Date: 2026-06-19
The source code for this article is available on: GitHub, GitCode.
Kubeflow transforms Kubernetes into a self-service platform for AI practitioners and data scientists alike. It incorporates both established and emerging cloud and AI-native projects such as Istio, Envoy and Knative to support the entire MLOps lifecycle: data cleaning and preprocessing, model training, validation and serving etc. Originally developed by Google to run TensorFlow on Kubernetes, it is now a CNCF Incubating project.
Kubeflow Community Distribution (KCD) is the official community version of Kubeflow designed to run on vanilla Kubernetes. It is available as a Kustomization which can be installed manually with kubectl or declaratively via GitOps with Argo CD or Flux.

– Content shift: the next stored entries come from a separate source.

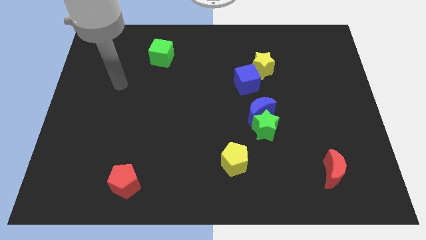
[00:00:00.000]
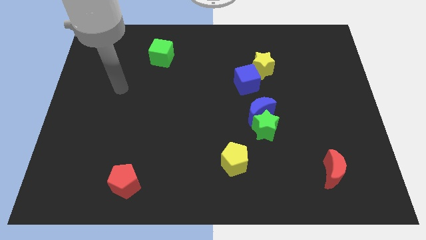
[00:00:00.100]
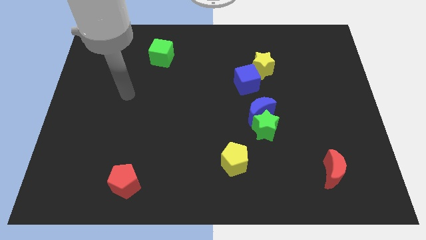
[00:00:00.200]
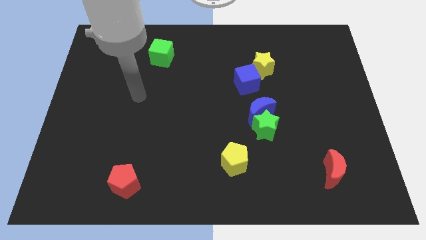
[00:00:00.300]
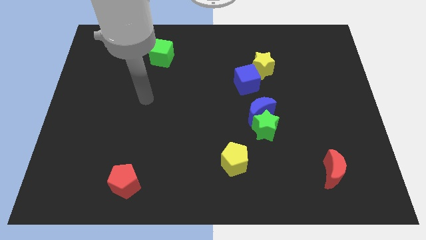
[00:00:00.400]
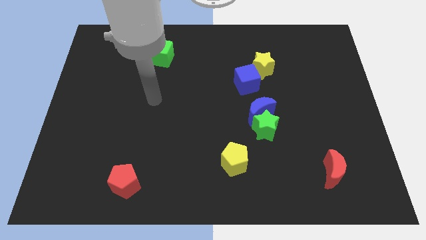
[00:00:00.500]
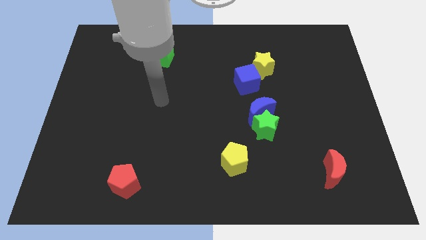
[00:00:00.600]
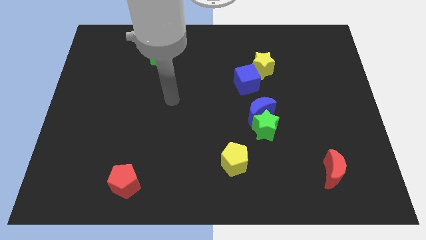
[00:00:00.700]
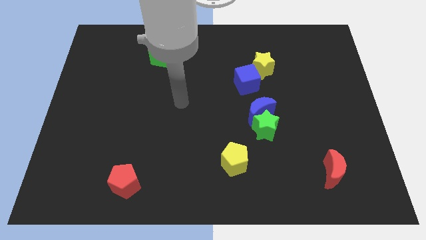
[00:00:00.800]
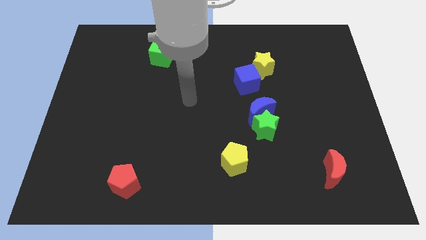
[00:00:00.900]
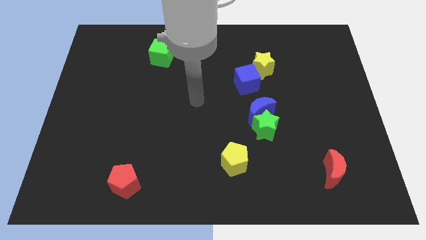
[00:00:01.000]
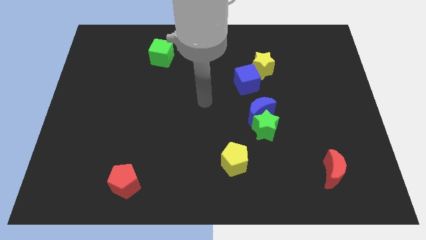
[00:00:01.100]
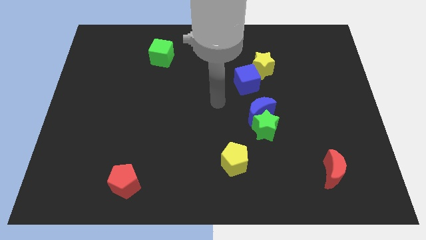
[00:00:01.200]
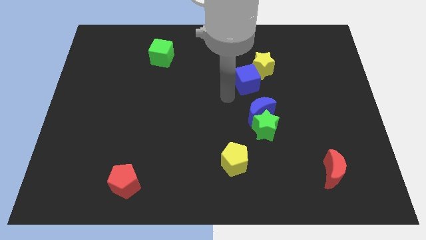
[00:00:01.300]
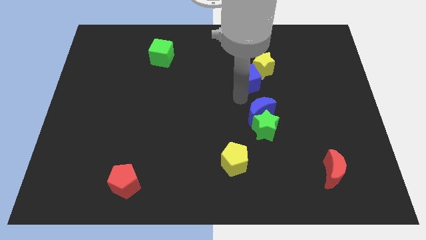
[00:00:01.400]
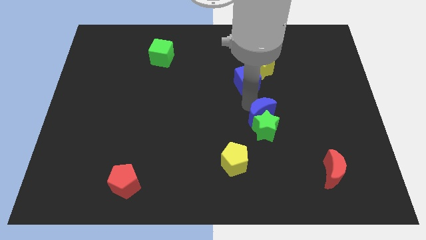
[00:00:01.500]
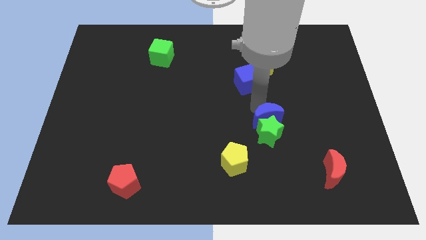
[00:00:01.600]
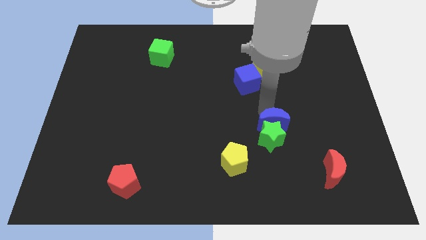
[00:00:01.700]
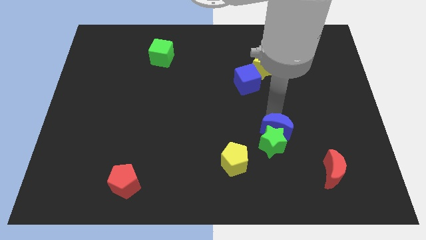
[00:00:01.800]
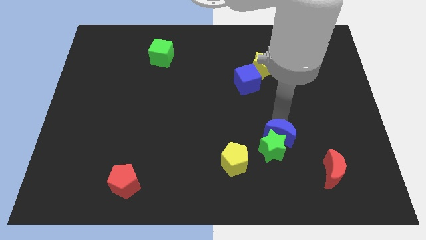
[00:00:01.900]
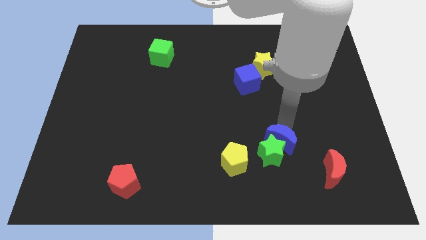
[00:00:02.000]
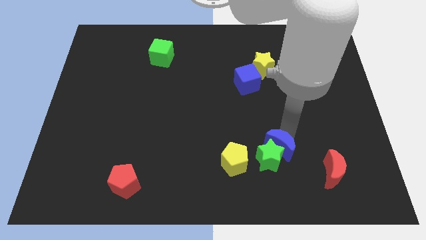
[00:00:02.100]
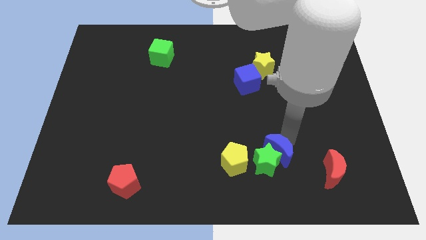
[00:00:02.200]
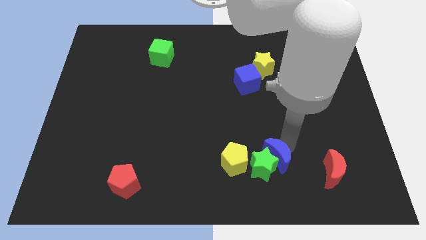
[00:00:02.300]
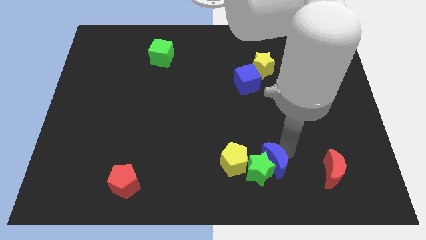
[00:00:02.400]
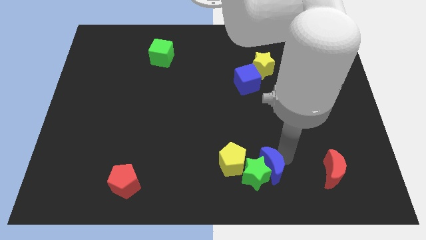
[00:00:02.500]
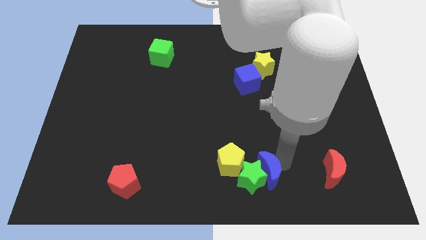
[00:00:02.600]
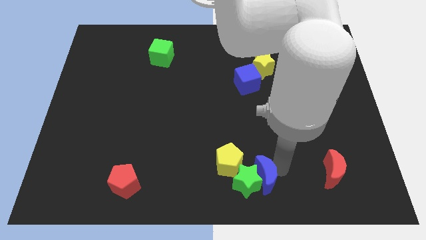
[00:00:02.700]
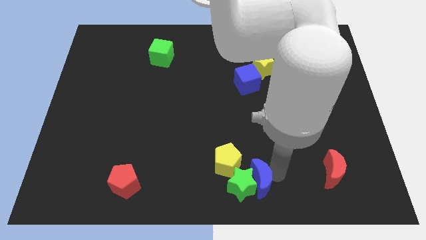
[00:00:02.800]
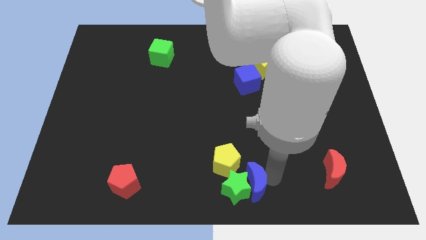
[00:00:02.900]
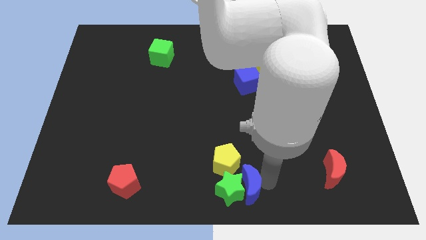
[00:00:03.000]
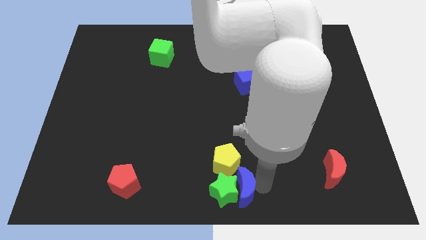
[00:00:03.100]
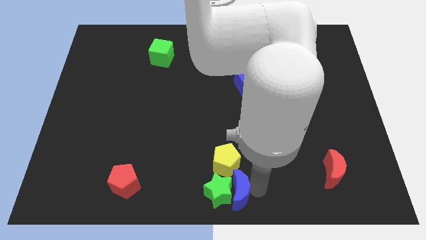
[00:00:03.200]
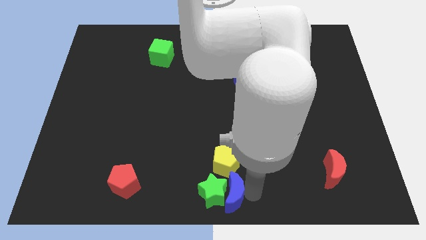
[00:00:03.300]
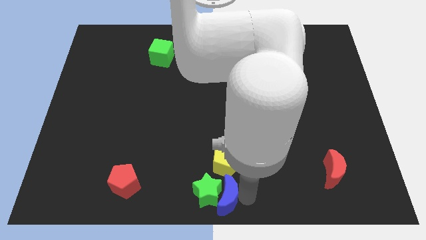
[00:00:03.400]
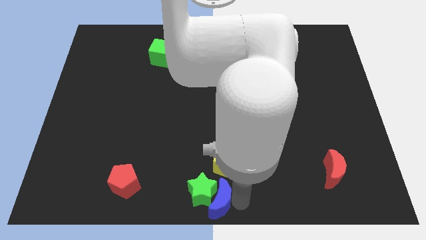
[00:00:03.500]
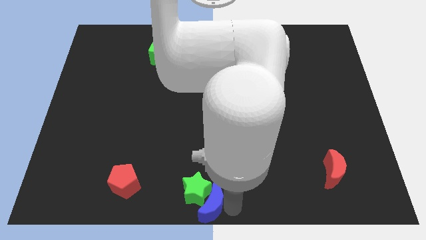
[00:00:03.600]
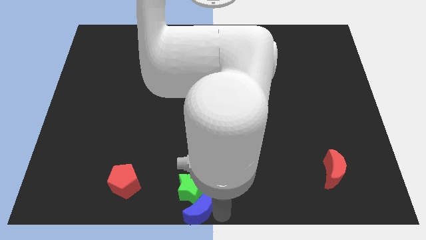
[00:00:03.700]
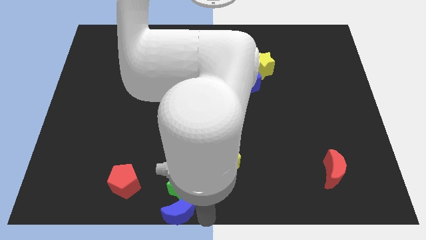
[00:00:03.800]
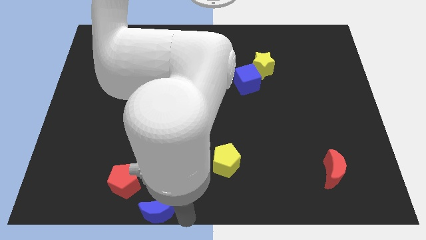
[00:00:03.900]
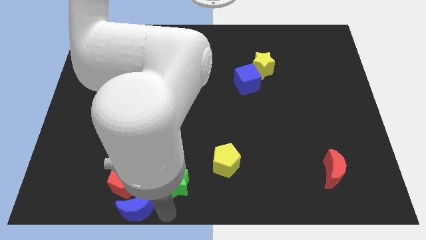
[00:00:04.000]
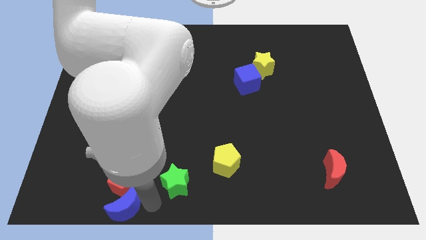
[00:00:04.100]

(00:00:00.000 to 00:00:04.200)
separate the green star from the blue moon

Follow me through this article as we bootstrap Kubeflow on K3s with GPU support, leveraging the App of Apps pattern with Argo CD to deploy KCD 26.03.1 together with NVIDIA GPU Operator 26.3.2 and validating our installation with a GPU-enabled PyTorch notebook.
Proficiency with Linux and Kubernetes is assumed. Familiarity with AI/ML-related concepts and tools such as Jupyter notebooks, Python programming and PyTorch is recommended but not required.
The instructions in this lab were validated on Huawei Cloud with a standalone pi2.2xlarge.4 Elastic Cloud Server (ECS) instance. The ECS instance had 8 vCPUs and 32G memory with a single 128G system disk and 1 NVIDIA Tesla T4 datacenter GPU.
The operating system image is based on Ubuntu 22.04 LTS (Jammy Jellyfish). All commands were executed directly as the root user.
The following steps were performed to ensure our ECS instance runs Kubeflow smoothly.
By default, the fs.inotify.max_user_instances sysctl is set to 128 which is quickly exhausted when multiple pods are deployed on the same node. We increase it to 8192 along with a related option fs.inotify.max_user_watches which is also increased from around 250k to 1Mi.
Add the following lines to /etc/sysctl.d/99-increase-inotify-limits.conf and reload them with sysctl --system.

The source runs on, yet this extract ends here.